JAKARTA – Indeks Harga Saham Gabungan (IHSG) menutup pekan perdagangan periode 25-29 Mei 2026 di zona merah. Berdasarkan data Bursa Efek Indonesia (BEI), indeks acuan saham tanah air tersebut terkoreksi 0,56 persen ke level 6.162,04 dibandingkan pekan sebelumnya.
Kendati IHSG melemah, pasar saham domestik masih menunjukkan catatan positif pada indikator lainnya. BEI mencatat adanya peningkatan pada rata-rata nilai transaksi harian dan kapitalisasi pasar sepanjang pekan ini.
Rata-rata nilai transaksi harian melonjak 30,37 persen menjadi Rp28,38 triliun, dari Rp21,77 triliun pada pekan sebelumnya. Sejalan dengan itu, kapitalisasi pasar BEI tumbuh 0,88 persen, dari Rp10.635 triliun menjadi Rp10.729 triliun.
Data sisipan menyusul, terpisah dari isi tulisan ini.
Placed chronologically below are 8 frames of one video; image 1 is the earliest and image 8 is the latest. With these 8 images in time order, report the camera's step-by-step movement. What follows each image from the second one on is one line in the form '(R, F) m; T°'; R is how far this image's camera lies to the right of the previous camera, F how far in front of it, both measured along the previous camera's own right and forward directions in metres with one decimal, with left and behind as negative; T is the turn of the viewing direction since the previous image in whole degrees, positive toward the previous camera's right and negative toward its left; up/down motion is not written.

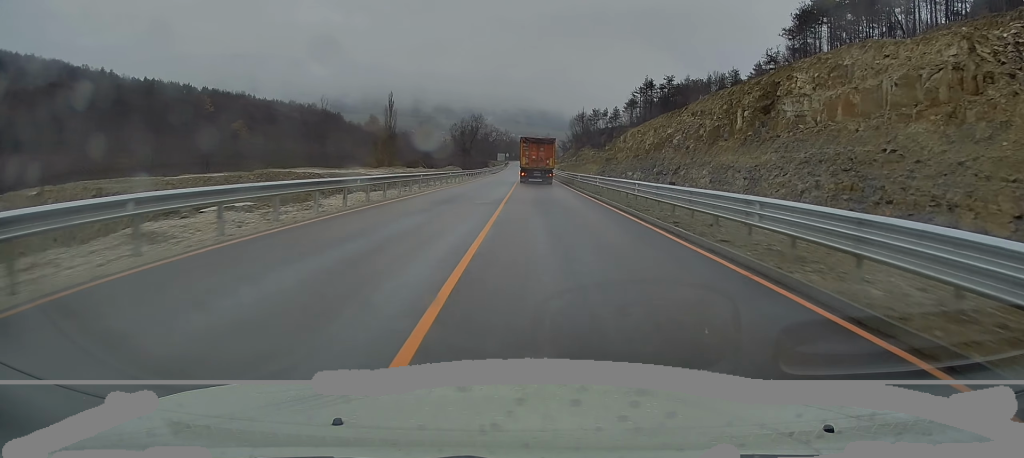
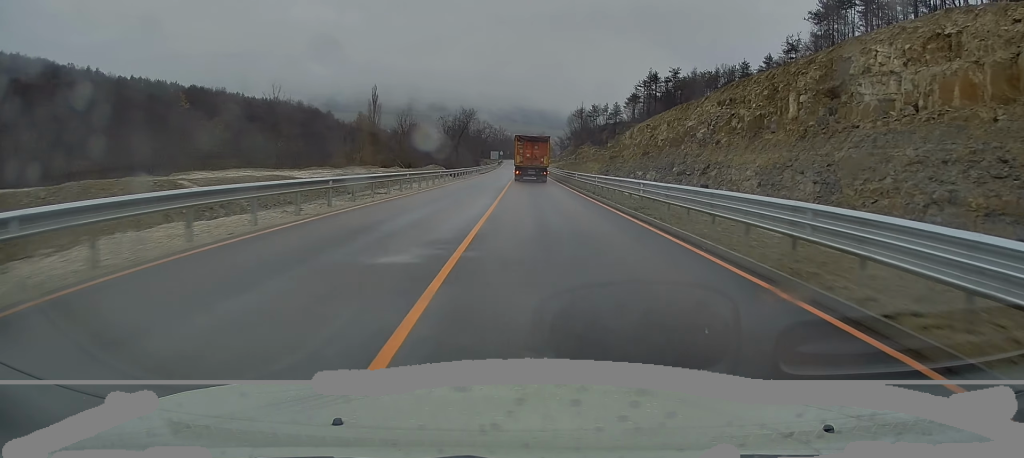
(+0.1, +14.3) m; 0°
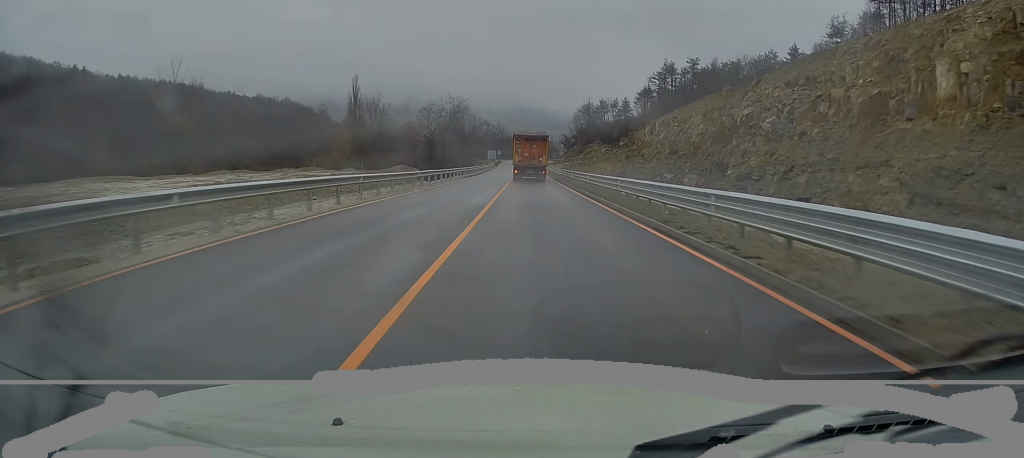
(-0.1, +20.3) m; 0°
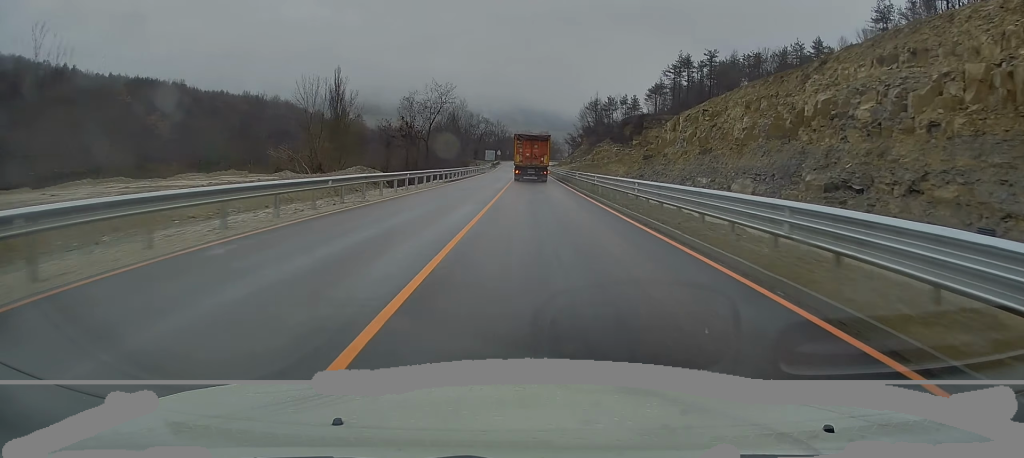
(0.0, +15.7) m; 0°
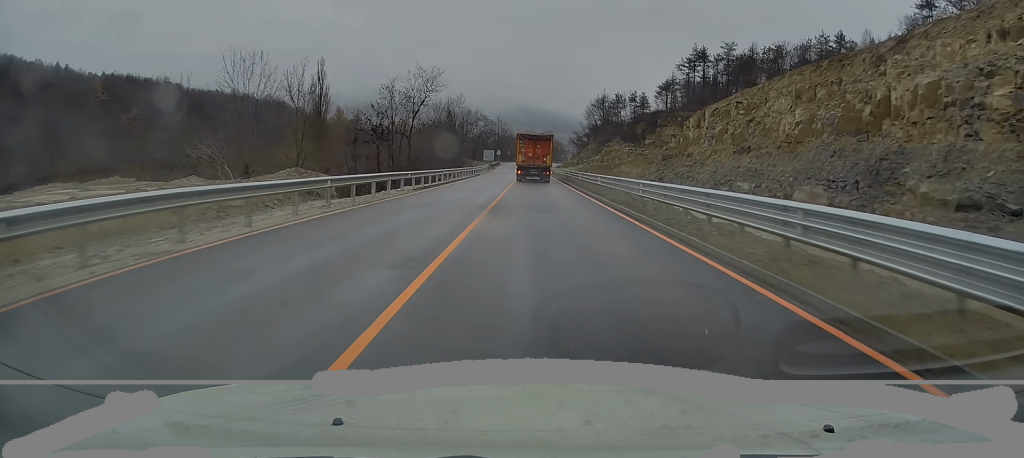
(0.0, +12.4) m; 0°
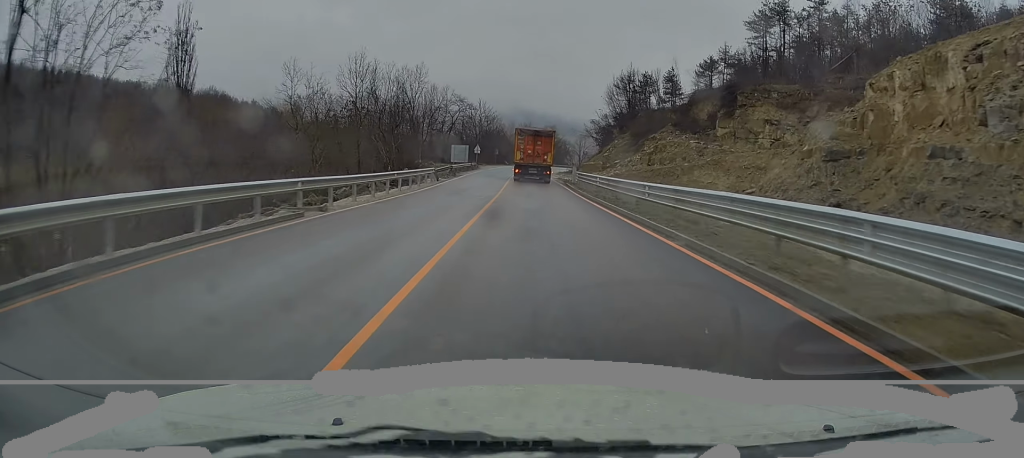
(0.0, +49.8) m; 0°
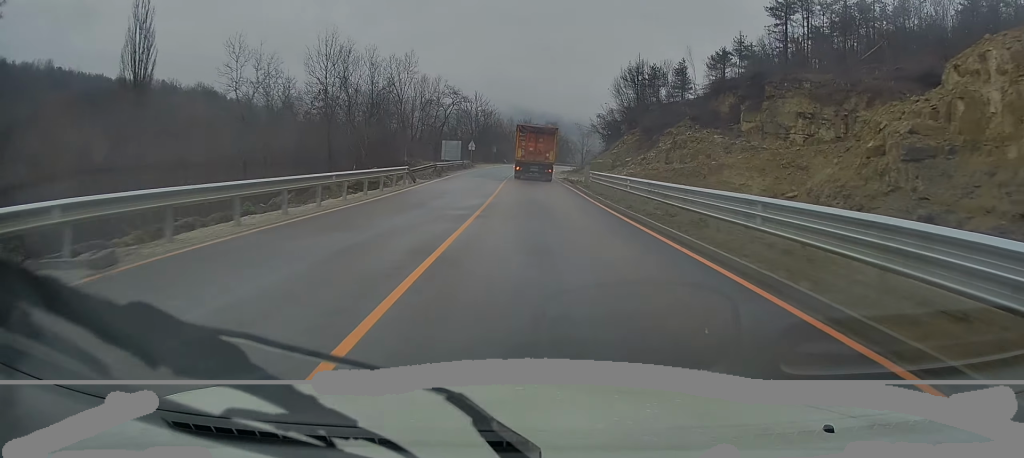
(0.0, +8.9) m; 0°
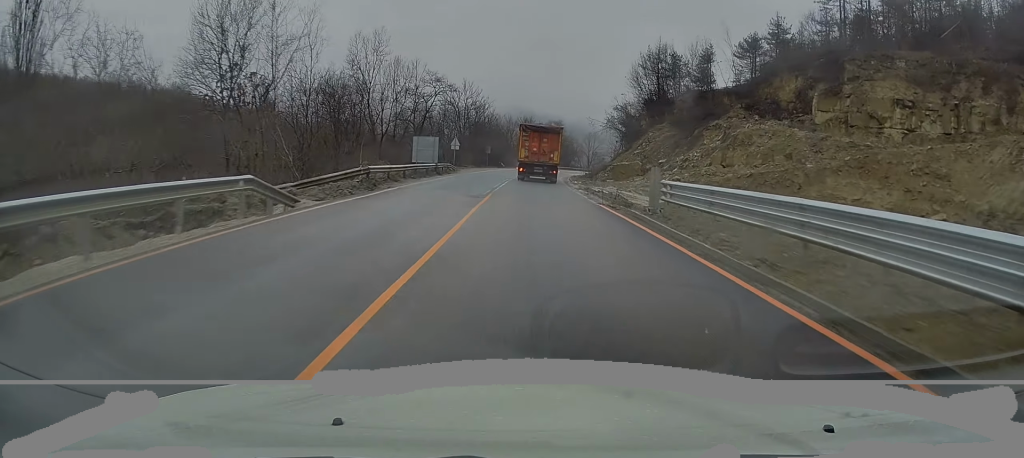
(0.0, +18.3) m; 0°

Di sisi lain, aktivitas perdagangan mengalami penurunan dari sisi volume dan frekuensi. Rata-rata frekuensi transaksi harian menyusut 10,87 persen menjadi 2,11 juta kali transaksi. Sementara itu, rata-rata volume transaksi harian turun 15,60 persen menjadi 30,95 miliar lembar saham dari 36,67 miliar lembar saham pada pekan lalu.
Tekanan jual dari investor asing menjadi salah satu faktor yang membebani pasar. Hingga penutupan perdagangan Jumat (29/5/2026), investor asing mencatatkan nilai jual bersih sebesar Rp8,519 triliun.
Dengan transaksi tersebut, total akumulasi nilai jual bersih oleh investor asing sepanjang tahun 2026 kini telah mencapai Rp53,971 triliun.